* [Data extracted from a collection]:
──────────────────────────────

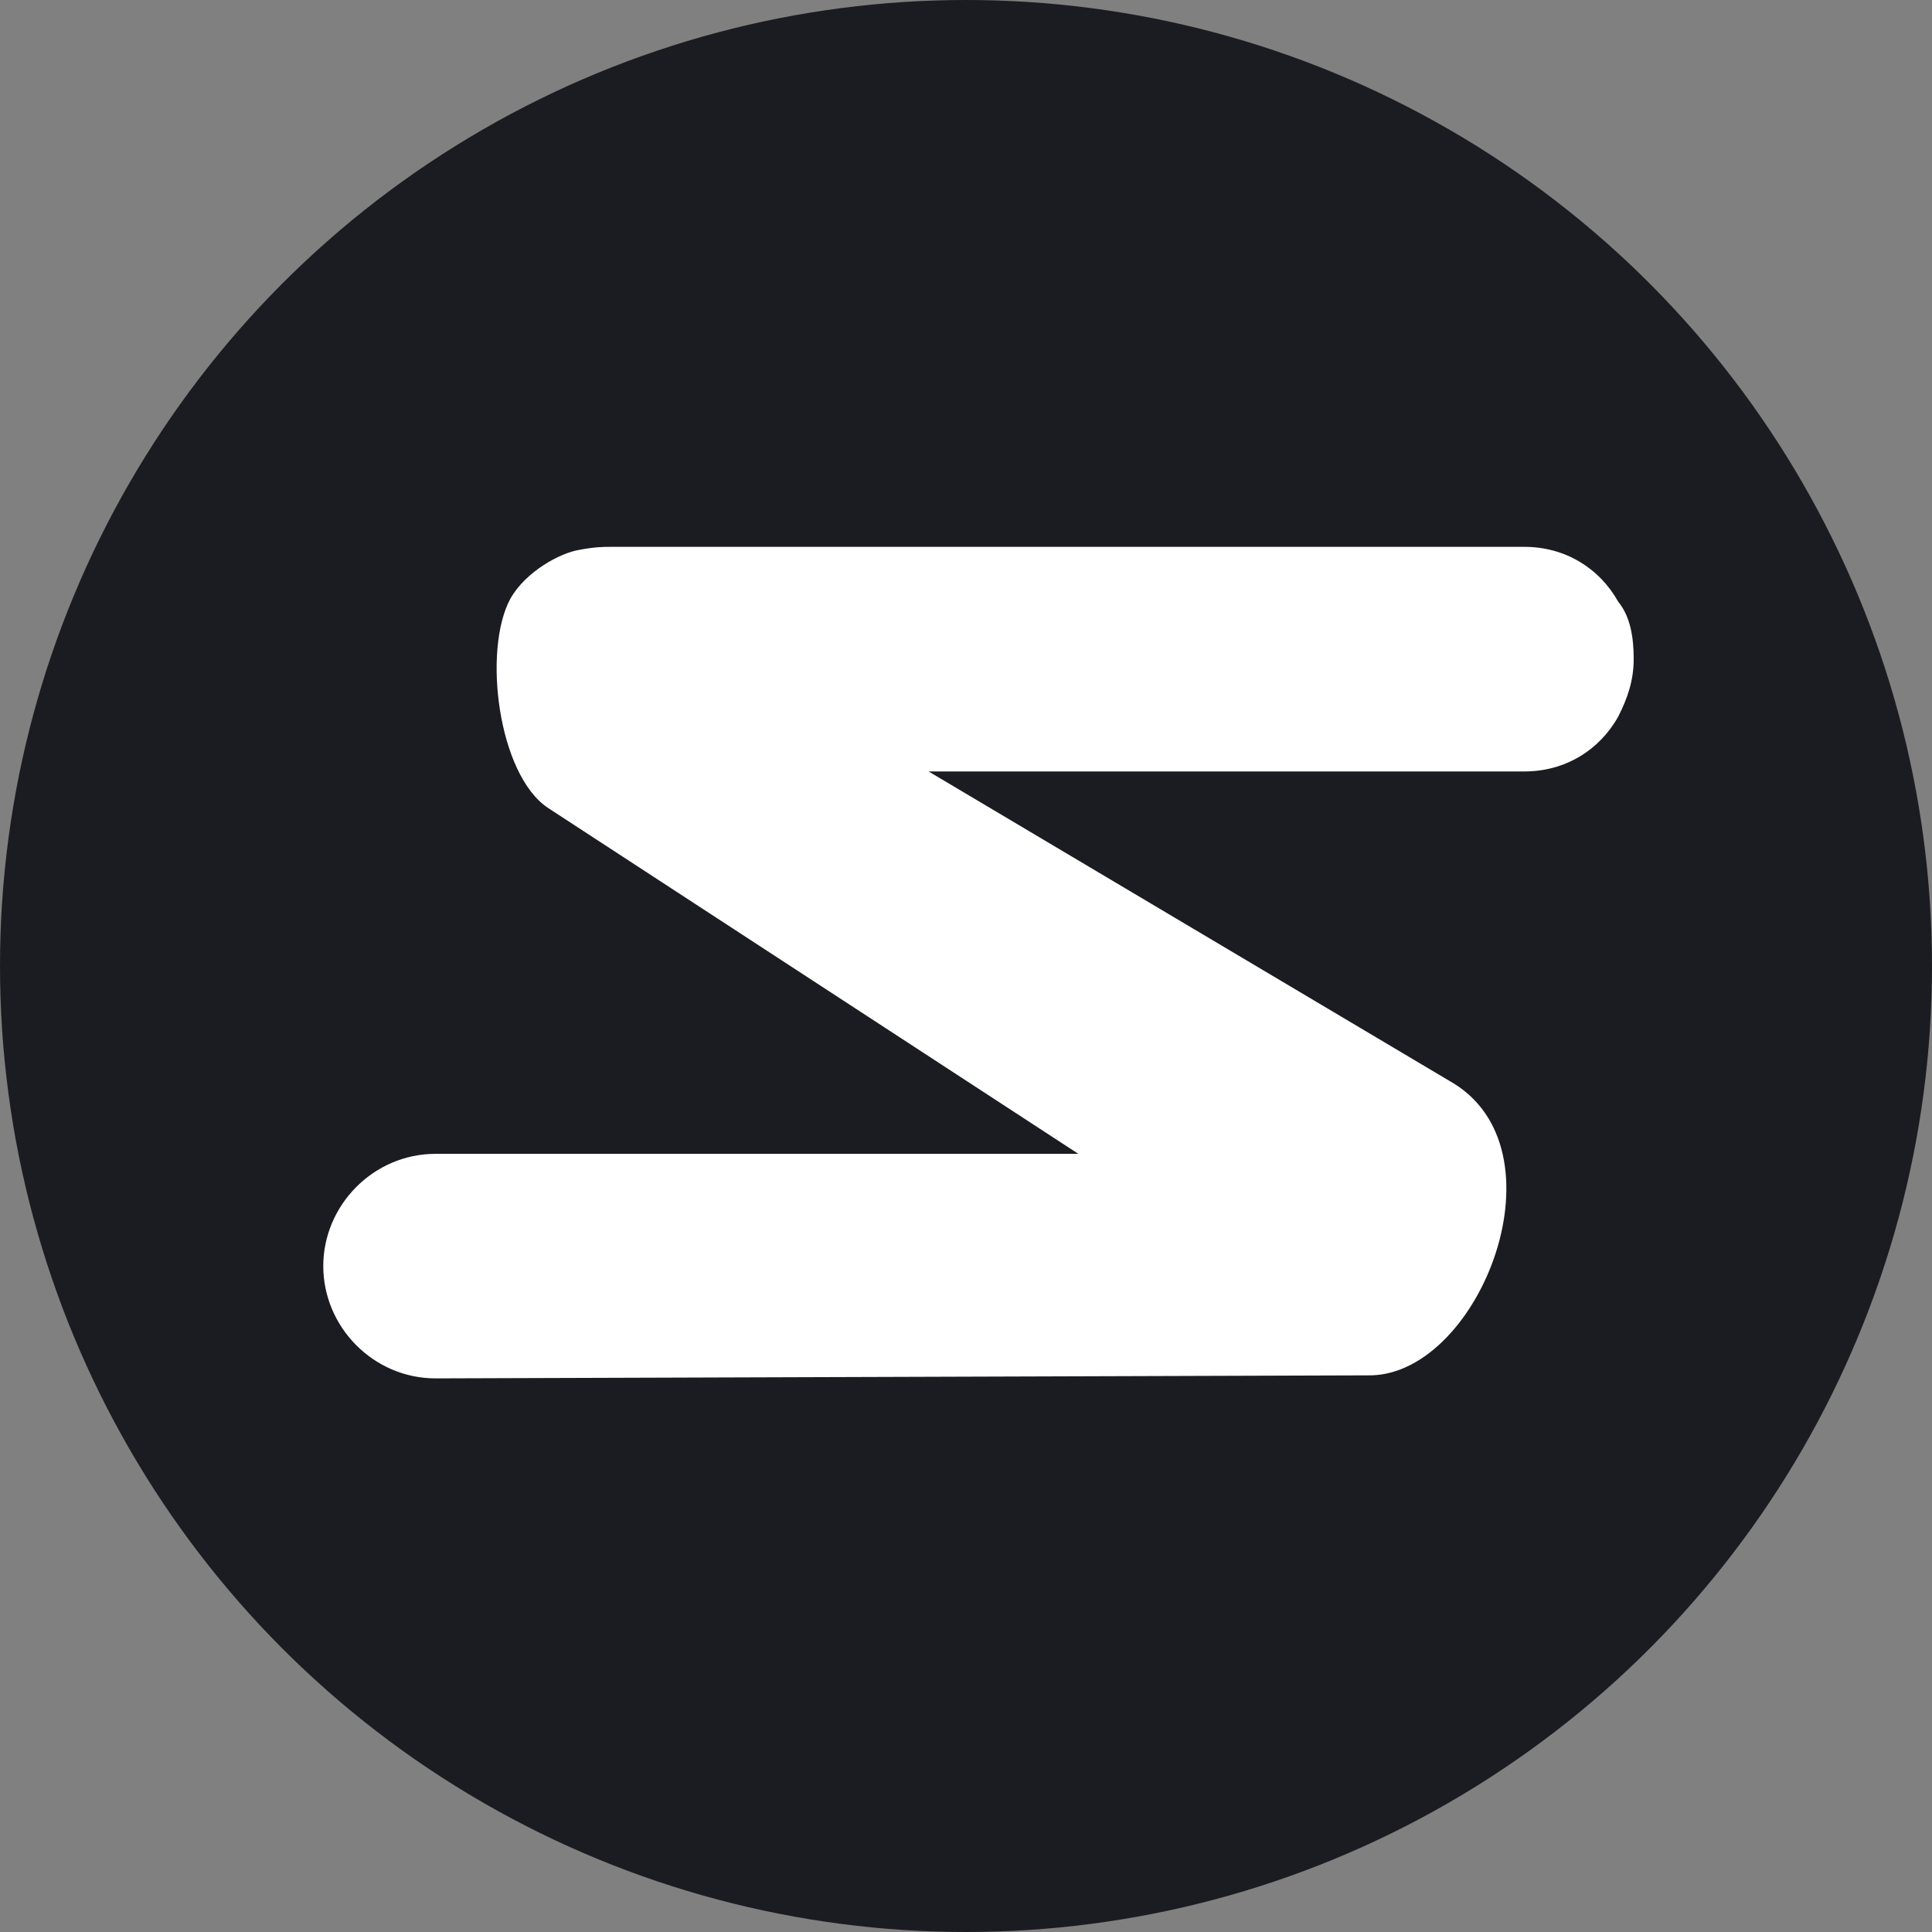 <svg width="40" height="40" viewBox="0 0 40 40" fill="none" xmlns="http://www.w3.org/2000/svg">
<rect x="0" y="0" width="40" height="40" fill="#808080" stroke="none"/>
<circle cx="20" cy="20" r="20" fill="#1B1C21"/>
<path fill-rule="evenodd" clip-rule="evenodd" d="M33.824 13.647C33.824 14.087 33.694 14.464 33.501 14.841C33.113 15.532 32.403 15.972 31.563 15.972H19.225L30.013 22.381C32.467 23.763 30.659 28.412 28.398 28.475L9.019 28.538C7.727 28.538 6.693 27.47 6.693 26.213C6.693 24.957 7.727 23.889 9.019 23.889H22.326L11.344 16.726C10.311 16.035 9.988 13.459 10.569 12.391C10.892 11.825 11.603 11.448 11.99 11.385C12.313 11.322 12.507 11.322 12.636 11.322H31.563C32.403 11.322 33.113 11.762 33.501 12.454C33.759 12.768 33.824 13.207 33.824 13.647Z" fill="white"/>
</svg>

──────────────────────────────

* [Your task]: Each entry above has to be set down again verbatim, except for its pictures.

* [Expected output]:
 <svg width="40" height="40" viewBox="0 0 40 40" fill="none" xmlns="http://www.w3.org/2000/svg">
<rect x="0" y="0" width="40" height="40" fill="#808080" stroke="none"/>
<circle cx="20" cy="20" r="20" fill="#1B1C21"/>
<path fill-rule="evenodd" clip-rule="evenodd" d="M33.824 13.647C33.824 14.087 33.694 14.464 33.501 14.841C33.113 15.532 32.403 15.972 31.563 15.972H19.225L30.013 22.381C32.467 23.763 30.659 28.412 28.398 28.475L9.019 28.538C7.727 28.538 6.693 27.47 6.693 26.213C6.693 24.957 7.727 23.889 9.019 23.889H22.326L11.344 16.726C10.311 16.035 9.988 13.459 10.569 12.391C10.892 11.825 11.603 11.448 11.99 11.385C12.313 11.322 12.507 11.322 12.636 11.322H31.563C32.403 11.322 33.113 11.762 33.501 12.454C33.759 12.768 33.824 13.207 33.824 13.647Z" fill="white"/>
</svg>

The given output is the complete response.